The casual and approachable style of this modest documentary, which delivers slice-of-life portraits of three very different American restaurants, is at once its appeal and its shortcoming.
Director Levy, making his feature debut, has plainly gathered far more material than he knows what to do with and never really finds the connecting thread on which to peg a coherent story.
The glimpses it does provide behind the scenes of the establishments that it profiles are scarcely revelatory: the fact that cooking is a form of expression - of love, tradition and self - as well as bloody hard work may come as no surprise.
At Breitbach's Country Dining in rural Iowa, he finds a 150-year-old eatery serving steak, fried chicken, raspberry pie and community spirit; regular customers have keys and take turns opening up and although it's located in a town of 70 it often does 1500 covers on a Sunday.
At Alinea, a Michelin three-star place in Chicago, where chef Grant Achatz's kitchen extracts and captures aromas of pine needles and tobacco to turn out 18-course degustations for $250 a head, it can take five people 12 hours to create one bite: "It's absurd," he says, and it's hard not to agree.

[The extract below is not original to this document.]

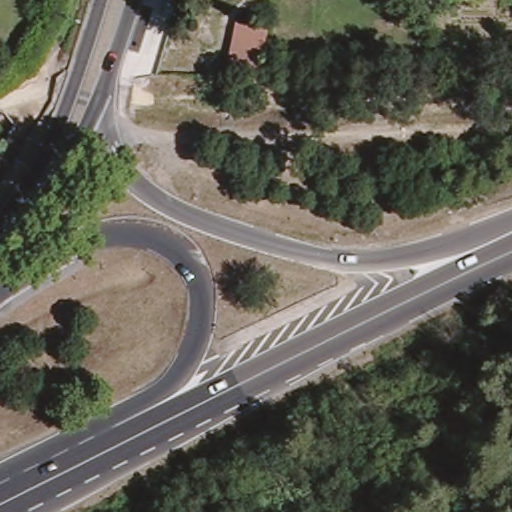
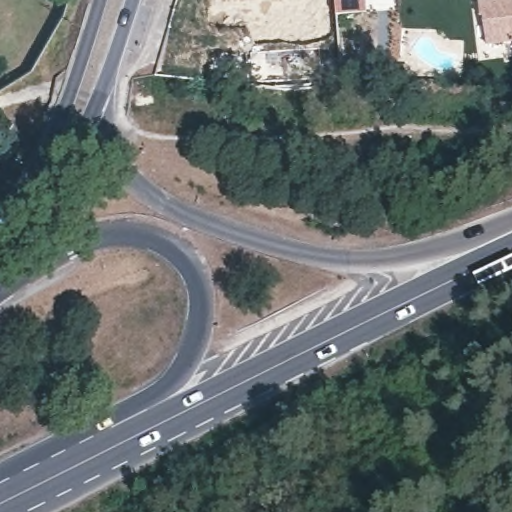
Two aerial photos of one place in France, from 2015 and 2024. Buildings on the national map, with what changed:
new [(365,13),(337,14),(335,0),(366,0),(365,13)]
new [(487,46),(480,0),(512,0),(512,43),(487,46)]
unchanged [(231,22),(265,25),(262,58),(229,54),(231,22)]

At the other end of the scale in Arizona, Francisco and Gabby Martinez struggle to keep a home-style Mexican place afloat.
The surfeit of footage leads to moments of unconscious humour. The editing of one frantic scene in Breitbach's changes the eponymous proprietor's clothes several times in 10 seconds.
There's a lot to like in the people we meet, who speak with passion and humour. But good restaurant documentaries have become quite common of late, particularly in festivals, where Jiro Dreams of Sushi, A Matter of Taste, and the French Step Up to the Plate have recently impressed. This is not in the same league.
Director: Joseph Levy
Running time: 92 mins
Rating: G In English and some Spanish with English subtitles
Verdict: More appetising than satisfying.